*WHAT YOU HAVE TO DO*:
From the line with "ezt a tévtant" to the line with "9, daß die Frage, ob", retype every line exactly, including those two, and leave out the rest of the data below.
START GIVEN ENTRIES
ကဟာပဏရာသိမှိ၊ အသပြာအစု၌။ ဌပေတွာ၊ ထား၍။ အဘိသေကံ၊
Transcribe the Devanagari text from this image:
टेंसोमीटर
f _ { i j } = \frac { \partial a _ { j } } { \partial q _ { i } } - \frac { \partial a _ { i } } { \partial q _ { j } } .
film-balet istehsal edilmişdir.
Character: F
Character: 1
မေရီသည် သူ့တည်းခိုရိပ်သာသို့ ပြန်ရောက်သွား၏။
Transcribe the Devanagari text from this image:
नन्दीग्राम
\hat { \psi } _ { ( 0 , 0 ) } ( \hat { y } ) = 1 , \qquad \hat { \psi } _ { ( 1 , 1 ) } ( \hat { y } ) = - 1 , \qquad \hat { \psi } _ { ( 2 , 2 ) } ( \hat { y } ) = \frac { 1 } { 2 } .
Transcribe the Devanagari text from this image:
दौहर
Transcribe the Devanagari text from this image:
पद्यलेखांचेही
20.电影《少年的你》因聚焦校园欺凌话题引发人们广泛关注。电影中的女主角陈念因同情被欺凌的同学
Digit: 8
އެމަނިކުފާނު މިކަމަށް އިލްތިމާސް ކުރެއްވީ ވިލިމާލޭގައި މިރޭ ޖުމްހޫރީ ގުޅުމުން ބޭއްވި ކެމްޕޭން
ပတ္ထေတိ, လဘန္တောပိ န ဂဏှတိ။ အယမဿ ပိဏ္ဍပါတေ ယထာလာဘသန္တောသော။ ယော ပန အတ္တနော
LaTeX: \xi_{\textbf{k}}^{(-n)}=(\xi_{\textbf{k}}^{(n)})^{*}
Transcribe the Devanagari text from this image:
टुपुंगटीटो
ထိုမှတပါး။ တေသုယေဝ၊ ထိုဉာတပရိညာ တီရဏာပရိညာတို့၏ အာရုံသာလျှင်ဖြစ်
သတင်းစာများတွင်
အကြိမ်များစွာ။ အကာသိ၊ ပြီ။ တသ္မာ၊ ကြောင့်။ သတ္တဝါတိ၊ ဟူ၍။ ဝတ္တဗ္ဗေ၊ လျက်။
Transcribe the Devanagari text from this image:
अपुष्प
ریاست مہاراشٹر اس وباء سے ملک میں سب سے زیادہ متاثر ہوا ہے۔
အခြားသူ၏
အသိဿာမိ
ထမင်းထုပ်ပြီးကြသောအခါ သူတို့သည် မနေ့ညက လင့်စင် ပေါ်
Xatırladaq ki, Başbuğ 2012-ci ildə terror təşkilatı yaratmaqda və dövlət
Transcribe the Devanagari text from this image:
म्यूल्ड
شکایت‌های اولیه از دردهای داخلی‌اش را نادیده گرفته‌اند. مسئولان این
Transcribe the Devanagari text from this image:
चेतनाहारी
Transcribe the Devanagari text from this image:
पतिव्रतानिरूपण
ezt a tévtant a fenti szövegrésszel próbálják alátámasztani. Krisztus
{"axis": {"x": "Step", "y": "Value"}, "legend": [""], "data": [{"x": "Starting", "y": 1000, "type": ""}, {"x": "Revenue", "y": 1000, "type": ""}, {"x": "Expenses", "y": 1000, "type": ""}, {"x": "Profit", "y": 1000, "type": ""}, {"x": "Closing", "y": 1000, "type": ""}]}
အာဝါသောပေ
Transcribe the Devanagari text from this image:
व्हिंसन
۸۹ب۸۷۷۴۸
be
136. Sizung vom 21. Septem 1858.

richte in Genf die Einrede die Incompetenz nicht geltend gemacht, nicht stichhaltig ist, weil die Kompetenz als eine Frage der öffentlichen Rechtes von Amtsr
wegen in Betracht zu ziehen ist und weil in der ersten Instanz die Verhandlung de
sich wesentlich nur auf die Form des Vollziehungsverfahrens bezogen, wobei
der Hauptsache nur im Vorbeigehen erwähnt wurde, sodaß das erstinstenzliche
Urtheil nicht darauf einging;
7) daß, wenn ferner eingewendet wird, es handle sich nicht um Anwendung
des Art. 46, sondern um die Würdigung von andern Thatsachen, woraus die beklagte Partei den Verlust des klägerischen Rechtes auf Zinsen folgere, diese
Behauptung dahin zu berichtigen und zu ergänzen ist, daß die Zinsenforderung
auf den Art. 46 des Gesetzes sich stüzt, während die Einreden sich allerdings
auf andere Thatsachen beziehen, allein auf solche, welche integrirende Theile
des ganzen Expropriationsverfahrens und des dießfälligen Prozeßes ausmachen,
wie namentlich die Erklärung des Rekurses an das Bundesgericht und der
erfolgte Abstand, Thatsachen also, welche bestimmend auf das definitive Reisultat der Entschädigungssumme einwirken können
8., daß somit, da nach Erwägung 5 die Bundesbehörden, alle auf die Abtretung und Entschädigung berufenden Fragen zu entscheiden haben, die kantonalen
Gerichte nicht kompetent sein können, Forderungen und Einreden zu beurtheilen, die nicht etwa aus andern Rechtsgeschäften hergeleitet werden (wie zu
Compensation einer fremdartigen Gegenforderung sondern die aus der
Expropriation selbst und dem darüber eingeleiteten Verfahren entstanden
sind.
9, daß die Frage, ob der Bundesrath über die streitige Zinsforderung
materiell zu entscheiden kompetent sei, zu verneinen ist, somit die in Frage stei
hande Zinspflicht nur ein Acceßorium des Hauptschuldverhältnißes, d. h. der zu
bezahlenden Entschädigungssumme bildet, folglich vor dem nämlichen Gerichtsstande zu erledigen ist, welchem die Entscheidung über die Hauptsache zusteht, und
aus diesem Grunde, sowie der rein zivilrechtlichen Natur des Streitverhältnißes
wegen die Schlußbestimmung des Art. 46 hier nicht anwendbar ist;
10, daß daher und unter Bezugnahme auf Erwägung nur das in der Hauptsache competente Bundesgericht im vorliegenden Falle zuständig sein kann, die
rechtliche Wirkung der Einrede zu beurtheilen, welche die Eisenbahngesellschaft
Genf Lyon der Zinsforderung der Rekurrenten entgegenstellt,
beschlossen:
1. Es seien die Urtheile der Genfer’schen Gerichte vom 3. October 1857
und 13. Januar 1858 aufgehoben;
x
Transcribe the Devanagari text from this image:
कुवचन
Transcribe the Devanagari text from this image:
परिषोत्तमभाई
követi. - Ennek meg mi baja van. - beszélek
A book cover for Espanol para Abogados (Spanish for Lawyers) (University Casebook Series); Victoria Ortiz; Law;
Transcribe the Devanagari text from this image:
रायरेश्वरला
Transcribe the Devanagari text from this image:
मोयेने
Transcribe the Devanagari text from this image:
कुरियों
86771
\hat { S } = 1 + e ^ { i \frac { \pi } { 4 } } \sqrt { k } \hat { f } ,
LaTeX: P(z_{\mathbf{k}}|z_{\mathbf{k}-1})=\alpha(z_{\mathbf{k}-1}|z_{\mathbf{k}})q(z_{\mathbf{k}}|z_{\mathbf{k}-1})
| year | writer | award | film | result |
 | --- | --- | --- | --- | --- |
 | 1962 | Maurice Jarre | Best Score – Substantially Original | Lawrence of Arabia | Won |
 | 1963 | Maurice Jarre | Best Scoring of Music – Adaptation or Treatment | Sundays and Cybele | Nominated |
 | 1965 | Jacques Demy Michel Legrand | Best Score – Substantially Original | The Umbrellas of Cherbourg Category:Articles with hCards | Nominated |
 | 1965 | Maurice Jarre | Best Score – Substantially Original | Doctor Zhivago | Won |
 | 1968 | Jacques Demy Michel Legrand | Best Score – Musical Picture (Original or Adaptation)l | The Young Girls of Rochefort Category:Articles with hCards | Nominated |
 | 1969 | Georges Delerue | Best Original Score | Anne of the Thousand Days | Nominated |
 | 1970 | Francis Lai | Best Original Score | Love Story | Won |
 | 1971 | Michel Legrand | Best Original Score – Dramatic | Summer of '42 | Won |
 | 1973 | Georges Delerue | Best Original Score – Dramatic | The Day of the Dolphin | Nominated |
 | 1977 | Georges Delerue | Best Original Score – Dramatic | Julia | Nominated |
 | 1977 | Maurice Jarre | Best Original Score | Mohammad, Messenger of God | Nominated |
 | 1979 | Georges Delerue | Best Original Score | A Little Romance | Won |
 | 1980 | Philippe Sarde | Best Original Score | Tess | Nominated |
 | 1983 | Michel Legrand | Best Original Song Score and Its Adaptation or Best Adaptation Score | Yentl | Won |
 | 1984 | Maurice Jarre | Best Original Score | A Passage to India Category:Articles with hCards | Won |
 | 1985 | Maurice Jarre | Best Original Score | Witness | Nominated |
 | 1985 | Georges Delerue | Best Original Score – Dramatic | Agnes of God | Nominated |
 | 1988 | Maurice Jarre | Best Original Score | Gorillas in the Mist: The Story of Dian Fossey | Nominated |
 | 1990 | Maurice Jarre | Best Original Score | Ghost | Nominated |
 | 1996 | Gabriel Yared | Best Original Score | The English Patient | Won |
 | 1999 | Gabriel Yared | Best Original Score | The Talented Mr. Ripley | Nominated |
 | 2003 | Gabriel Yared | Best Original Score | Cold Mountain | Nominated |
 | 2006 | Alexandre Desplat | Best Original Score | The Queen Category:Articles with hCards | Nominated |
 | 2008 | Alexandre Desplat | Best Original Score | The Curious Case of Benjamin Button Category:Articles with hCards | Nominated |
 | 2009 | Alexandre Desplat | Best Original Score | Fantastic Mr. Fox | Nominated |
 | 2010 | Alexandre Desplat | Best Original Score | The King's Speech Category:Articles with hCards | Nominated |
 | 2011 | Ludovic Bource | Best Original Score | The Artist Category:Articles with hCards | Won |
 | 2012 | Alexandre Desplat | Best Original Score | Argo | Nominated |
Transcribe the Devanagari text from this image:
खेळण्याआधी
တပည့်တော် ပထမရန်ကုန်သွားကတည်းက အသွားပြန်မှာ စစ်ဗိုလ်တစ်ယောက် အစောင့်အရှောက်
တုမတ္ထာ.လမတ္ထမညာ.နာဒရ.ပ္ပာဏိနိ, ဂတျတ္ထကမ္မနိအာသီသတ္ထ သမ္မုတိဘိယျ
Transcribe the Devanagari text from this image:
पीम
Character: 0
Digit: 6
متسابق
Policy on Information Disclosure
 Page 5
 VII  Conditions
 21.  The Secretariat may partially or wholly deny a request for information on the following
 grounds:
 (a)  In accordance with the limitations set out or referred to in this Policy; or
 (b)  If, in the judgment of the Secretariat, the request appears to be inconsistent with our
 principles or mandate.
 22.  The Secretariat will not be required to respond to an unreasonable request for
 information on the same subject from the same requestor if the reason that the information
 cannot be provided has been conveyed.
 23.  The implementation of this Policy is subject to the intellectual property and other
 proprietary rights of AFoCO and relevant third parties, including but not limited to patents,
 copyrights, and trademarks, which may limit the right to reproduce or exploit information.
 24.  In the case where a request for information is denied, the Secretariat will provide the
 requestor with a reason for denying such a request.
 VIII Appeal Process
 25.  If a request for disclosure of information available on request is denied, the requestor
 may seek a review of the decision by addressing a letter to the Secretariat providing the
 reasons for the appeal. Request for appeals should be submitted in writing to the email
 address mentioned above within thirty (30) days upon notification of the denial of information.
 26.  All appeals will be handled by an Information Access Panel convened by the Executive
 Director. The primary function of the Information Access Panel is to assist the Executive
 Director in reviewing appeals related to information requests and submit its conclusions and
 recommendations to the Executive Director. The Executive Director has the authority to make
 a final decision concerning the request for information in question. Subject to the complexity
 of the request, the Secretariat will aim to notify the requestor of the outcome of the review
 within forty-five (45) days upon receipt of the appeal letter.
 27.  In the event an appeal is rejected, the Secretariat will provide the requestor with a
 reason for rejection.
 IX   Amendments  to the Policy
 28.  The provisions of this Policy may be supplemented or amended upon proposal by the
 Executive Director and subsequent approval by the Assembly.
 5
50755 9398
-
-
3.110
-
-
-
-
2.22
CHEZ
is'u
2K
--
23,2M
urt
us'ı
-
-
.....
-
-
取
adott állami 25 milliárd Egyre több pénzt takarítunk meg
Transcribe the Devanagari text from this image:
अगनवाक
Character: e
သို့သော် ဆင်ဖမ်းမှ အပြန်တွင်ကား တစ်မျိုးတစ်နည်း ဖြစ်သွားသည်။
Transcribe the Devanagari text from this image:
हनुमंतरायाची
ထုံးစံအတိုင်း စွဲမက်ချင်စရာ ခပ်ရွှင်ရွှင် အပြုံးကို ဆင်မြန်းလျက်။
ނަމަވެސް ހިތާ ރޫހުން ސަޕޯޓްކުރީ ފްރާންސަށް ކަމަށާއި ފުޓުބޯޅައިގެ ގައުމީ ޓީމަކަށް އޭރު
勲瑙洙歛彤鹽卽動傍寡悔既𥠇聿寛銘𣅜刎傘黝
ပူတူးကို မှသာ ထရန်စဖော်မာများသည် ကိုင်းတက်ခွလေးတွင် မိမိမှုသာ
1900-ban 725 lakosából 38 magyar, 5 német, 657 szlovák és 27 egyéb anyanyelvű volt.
END GIVEN ENTRIES
*ANSWER BOX*:
ezt a tévtant a fenti szövegrésszel próbálják alátámasztani. Krisztus
{"axis": {"x": "Step", "y": "Value"}, "legend": [""], "data": [{"x": "Starting", "y": 1000, "type": ""}, {"x": "Revenue", "y": 1000, "type": ""}, {"x": "Expenses", "y": 1000, "type": ""}, {"x": "Profit", "y": 1000, "type": ""}, {"x": "Closing", "y": 1000, "type": ""}]}
အာဝါသောပေ
Transcribe the Devanagari text from this image:
व्हिंसन
۸۹ب۸۷۷۴۸
be
136. Sizung vom 21. Septem 1858.

richte in Genf die Einrede die Incompetenz nicht geltend gemacht, nicht stichhaltig ist, weil die Kompetenz als eine Frage der öffentlichen Rechtes von Amtsr
wegen in Betracht zu ziehen ist und weil in der ersten Instanz die Verhandlung de
sich wesentlich nur auf die Form des Vollziehungsverfahrens bezogen, wobei
der Hauptsache nur im Vorbeigehen erwähnt wurde, sodaß das erstinstenzliche
Urtheil nicht darauf einging;
7) daß, wenn ferner eingewendet wird, es handle sich nicht um Anwendung
des Art. 46, sondern um die Würdigung von andern Thatsachen, woraus die beklagte Partei den Verlust des klägerischen Rechtes auf Zinsen folgere, diese
Behauptung dahin zu berichtigen und zu ergänzen ist, daß die Zinsenforderung
auf den Art. 46 des Gesetzes sich stüzt, während die Einreden sich allerdings
auf andere Thatsachen beziehen, allein auf solche, welche integrirende Theile
des ganzen Expropriationsverfahrens und des dießfälligen Prozeßes ausmachen,
wie namentlich die Erklärung des Rekurses an das Bundesgericht und der
erfolgte Abstand, Thatsachen also, welche bestimmend auf das definitive Reisultat der Entschädigungssumme einwirken können
8., daß somit, da nach Erwägung 5 die Bundesbehörden, alle auf die Abtretung und Entschädigung berufenden Fragen zu entscheiden haben, die kantonalen
Gerichte nicht kompetent sein können, Forderungen und Einreden zu beurtheilen, die nicht etwa aus andern Rechtsgeschäften hergeleitet werden (wie zu
Compensation einer fremdartigen Gegenforderung sondern die aus der
Expropriation selbst und dem darüber eingeleiteten Verfahren entstanden
sind.
9, daß die Frage, ob der Bundesrath über die streitige Zinsforderung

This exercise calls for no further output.